3.2 Survival rate and timing of placement of implants
As reported in literature, failure rates for CMF implants reveal an overall risk of 5.5%2. However, earlier studies report a wide variety of survival rates for CMF implants. This wide variation can be explained by differences in treatment techniques, used implant types, duration of follow-up, patient factors and criteria for implant success2,6. Implant survival is reported to be site-specific, and among others, related to associated stress distribution, irradiation dose and fractionation5,54,55. However, no clear relationship between radiation treatment and implant survival is established in literature2,6,56. Furthermore, many aspects in relation to oncology therapy remain controversial, such as favorable time of placement and the role of hyperbaric oxygen in case radiation therapy is applied2.
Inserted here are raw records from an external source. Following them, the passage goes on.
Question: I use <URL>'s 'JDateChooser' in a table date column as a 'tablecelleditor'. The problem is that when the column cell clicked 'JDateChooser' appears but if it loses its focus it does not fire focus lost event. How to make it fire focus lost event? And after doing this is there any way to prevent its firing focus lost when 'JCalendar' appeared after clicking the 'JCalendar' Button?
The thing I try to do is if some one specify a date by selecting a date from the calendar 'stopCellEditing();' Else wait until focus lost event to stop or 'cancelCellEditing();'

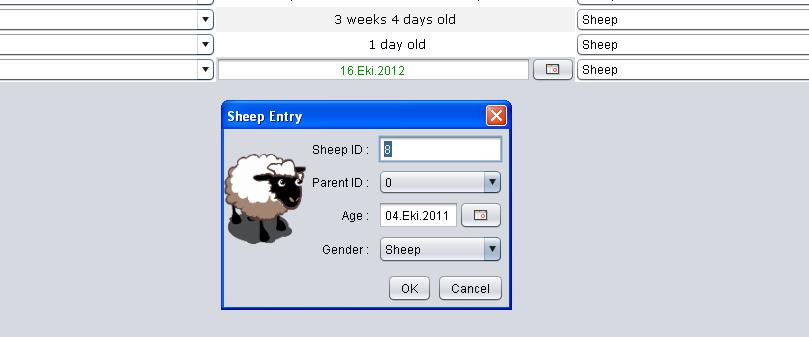
Answer: I found a 'propertyChanged' event in 'JDateChooser' which is fired when a date selected. And 'jTable1.putClientProperty("terminateEditOnFocusLost", true);' make the table terminate edit on focusLost
Edit : When calendar popup is down if you want to change the year that make table cell lose focus and terminateEditing :(
'''
jDateChooser.addPropertyChangeListener(new PropertyChangeListener() {
@Override
public void propertyChange(PropertyChangeEvent evt) {
if (evt.getPropertyName().equals("date")) {
stopCellEditing();
}
}
});
'''
Edit(Solved) : Instead of using 'jTable1.putClientProperty("terminateEditOnFocusLost", true);' adding ta 'FocusListener' to 'JTable' in 'TableCellEditor' and cancel editing when focus lost give a chance to check if the 'JDateChooser's' popup is visible or not. But before this, 'JDateChooser' should be extended with a popup 'isVisible' method. Because popup variable is protected. And cell editor components should not be focusable else 'JTable' also loses its focus

Some studies suggest that pre- and postoperative HBO therapy may improve the eventual success rate of endosseous implants57,58. The studies indicate that there is some benefit in revitalizing the bone through improvement of the tissue oxygen level, thereby increasing collagen synthesis, neovascularization and activation of osteoblasts and osteoclasts in irradiated tissue59. However, results from recent meta-analyses comparing implant survival of dental implants placed in irradiated fields ‘with and without’ the use of HBO showed no statistically significant difference2,60. Careful indication and surgery are required for patients who were exposed to radiotherapy.
Another controversial issue in literature is the influence of timing of placement of CMF implants. A systematic review on the effects of pre- versus post-implantation irradiation therapy on dental implant failure could not establish a significant difference in survival rate61,62.